In the morning, he runs out to discover the kitten gone. In school he is unable to pay attention-even to math. He rushes from the school bus to the junkyard, searches frantically through piles of garbage, and finally discovers the kitten shivering under a bush. Even when he hugs it hard against his thumping chest, hatred simmers inside him.

HE WILL REMEMBER THIS HATRED THE DAY HIS MOTHER DIES. Guilt will press down like a ball of iron on his chest no matter how much he rationalizes it, telling himself that he wasn’t responsible, because look at Marvin, wasn’t he still walking around hale and hearty in spite of all the boy’s wishing?

He will be sent to live with foster parents. They’ll turn out to be an older, childless couple, a bit strict but clean and organized. They will not get him a pet-and that’s good, because surely then the iron ball would crack his chest. They will make sure he gets to school on time and does his homework and has nutritious meals. They will take him to art museums and classical music concerts and will not upbraid his indifference to such things. They will recognize his talent and enter him in math contests-regional, then state, then national-and winning these contests will begin to change the way he feels about himself.

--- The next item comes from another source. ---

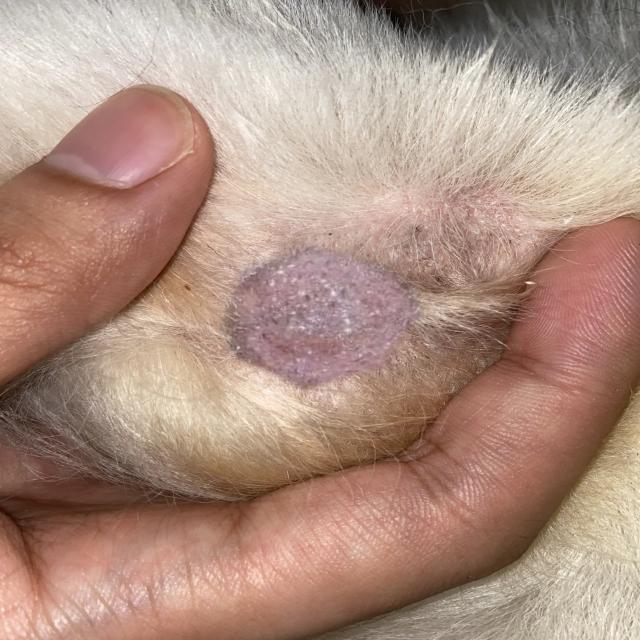
Canine ringworm (Dermatophytosis) — fungal infection caused by Microsporum or Trichophyton. Presents with circular alopecia, scaling, crusting, and broken hairs.

He knows his mother would have done none of this. Why then, lying in a bedroom all his own, the wallpaper of flying dragons that he picked himself lit ghostly blue by the night-light-a room he couldn’t have imagined when he lived in the old apartment-should he give in to tears?

FOR A WHILE AFTER THAT TRAUMATIC NIGHT, THINGS GO WELL. The boy cleans out the abandoned freezer in the junkyard and lines it with his old clothes. He keeps inside it a bowl of water and a dish of cat food bought with money he has stolen from his mother’s purse and Marvin’s wallet, a couple of cautious dollars at a time. After school each day, he takes Shere to the other end of the junkyard and plays with him, keeping a wary eye out for his mother and Marvin, because he doesn’t want them to know what he’s doing. When it’s time for him to go in, he reluctantly puts Shere in the freezer, bids him good night, and wedges a stick under the lid-enough to allow the kitten to breathe without letting it escape. This way, the raccoons and wild dogs that roam the junkyard at night can’t get to it. The kitten learns to recognize the boy. It launches itself at his chest as soon as he opens the freezer lid, purring so loudly that its whole body vibrates. The boy steals more money-what else can he do when his mother will not give him an allowance?-to buy Shere a catnip ball and can’t stop grinning as he watches the kitten go crazy over it. Then one day he returns from school to find the stick with which he had wedged the lid open lying on the ground. The freezer lid is shut, and when he opens it, he discovers that the kitten has suffocated.